What you will do — Find how many lines in the material hold the word "VECTOR", then state that number and nothing more.

Provided records —
*****
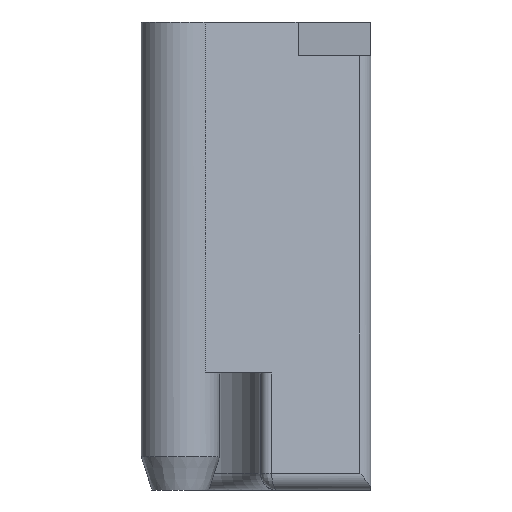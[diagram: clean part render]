
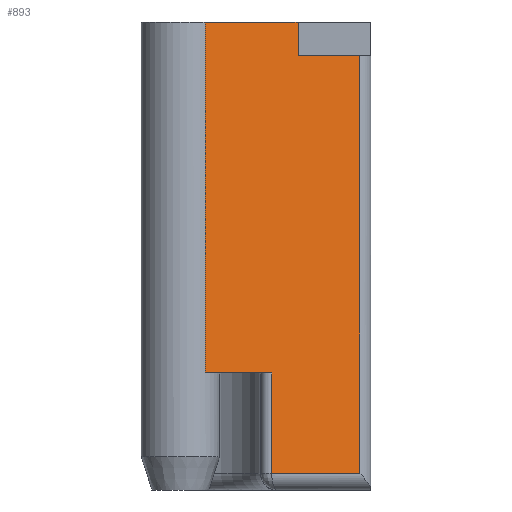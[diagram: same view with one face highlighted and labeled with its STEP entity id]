
A CAD part, front view. The second image highlights one B-rep face of the part: STEP entity #893.
In plain terms, the highlighted planar face has unit normal (0.342, -0.94, 0).
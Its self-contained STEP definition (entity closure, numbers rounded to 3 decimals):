
#36=PLANE('',#975);
#83=FACE_OUTER_BOUND('',#135,.T.);
#135=EDGE_LOOP('',(#660,#661,#662,#663,#664,#665,#666,#667));
#183=LINE('',#1315,#283);
#185=LINE('',#1380,#285);
#188=LINE('',#1405,#288);
#195=LINE('',#1420,#295);
#196=LINE('',#1422,#296);
#197=LINE('',#1424,#297);
#198=LINE('',#1426,#298);
#199=LINE('',#1427,#299);
#283=VECTOR('',#1064,10.);
#285=VECTOR('',#1072,10.);
#288=VECTOR('',#1089,10.);
#295=VECTOR('',#1100,10.);
#296=VECTOR('',#1101,10.);
#297=VECTOR('',#1102,10.);
#298=VECTOR('',#1103,10.);
#299=VECTOR('',#1104,10.);
#408=VERTEX_POINT('',#1308);
#411=VERTEX_POINT('',#1313);
#415=VERTEX_POINT('',#1378);
#420=VERTEX_POINT('',#1403);
#426=VERTEX_POINT('',#1419);
#427=VERTEX_POINT('',#1421);
#428=VERTEX_POINT('',#1423);
#429=VERTEX_POINT('',#1425);
#497=EDGE_CURVE('',#411,#408,#183,.T.);
#503=EDGE_CURVE('',#415,#411,#185,.T.);
#511=EDGE_CURVE('',#420,#415,#188,.T.);
#518=EDGE_CURVE('',#420,#426,#195,.T.);
#519=EDGE_CURVE('',#426,#427,#196,.T.);
#520=EDGE_CURVE('',#428,#427,#197,.T.);
#521=EDGE_CURVE('',#428,#429,#198,.T.);
#522=EDGE_CURVE('',#408,#429,#199,.T.);
#660=ORIENTED_EDGE('',*,*,#497,.F.);
#661=ORIENTED_EDGE('',*,*,#503,.F.);
#662=ORIENTED_EDGE('',*,*,#511,.F.);
#663=ORIENTED_EDGE('',*,*,#518,.T.);
#664=ORIENTED_EDGE('',*,*,#519,.T.);
#665=ORIENTED_EDGE('',*,*,#520,.F.);
#666=ORIENTED_EDGE('',*,*,#521,.T.);
#667=ORIENTED_EDGE('',*,*,#522,.F.);
#893=ADVANCED_FACE('',(#83),#36,.T.);
#975=AXIS2_PLACEMENT_3D('',#1418,#1098,#1099);
#1064=DIRECTION('',(0.,0.,1.));
#1072=DIRECTION('',(-0.94,-0.342,0.));
#1089=DIRECTION('',(0.,0.,-1.));
#1098=DIRECTION('center_axis',(0.342,-0.94,0.));
#1099=DIRECTION('ref_axis',(-0.94,-0.342,0.));
#1100=DIRECTION('',(-0.94,-0.342,0.));
#1101=DIRECTION('',(0.,0.,1.));
#1102=DIRECTION('',(0.94,0.342,0.));
#1103=DIRECTION('',(0.,0.,-1.));
#1104=DIRECTION('',(-0.94,-0.342,0.));
#1308=CARTESIAN_POINT('',(5.47,-0.371,-21.));
#1313=CARTESIAN_POINT('',(5.47,-0.371,-27.));
#1315=CARTESIAN_POINT('',(5.47,-0.371,-21.));
#1378=CARTESIAN_POINT('',(10.742,1.548,-27.));
#1380=CARTESIAN_POINT('',(10.494,1.457,-27.));
#1403=CARTESIAN_POINT('',(10.742,1.548,-2.));
#1405=CARTESIAN_POINT('',(10.742,1.548,0.));
#1418=CARTESIAN_POINT('Origin',(11.4,1.787,0.));
#1419=CARTESIAN_POINT('',(7.039,0.2,-2.));
#1420=CARTESIAN_POINT('',(10.31,1.39,-2.));
#1421=CARTESIAN_POINT('',(7.039,0.2,0.));
#1422=CARTESIAN_POINT('',(7.039,0.2,0.));
#1423=CARTESIAN_POINT('',(1.484,-1.822,0.));
#1424=CARTESIAN_POINT('',(0.034,-2.35,0.));
#1425=CARTESIAN_POINT('',(1.484,-1.822,-21.));
#1426=CARTESIAN_POINT('',(1.484,-1.822,0.));
#1427=CARTESIAN_POINT('',(0.034,-2.35,-21.));
*****
Solution to the exercise — 8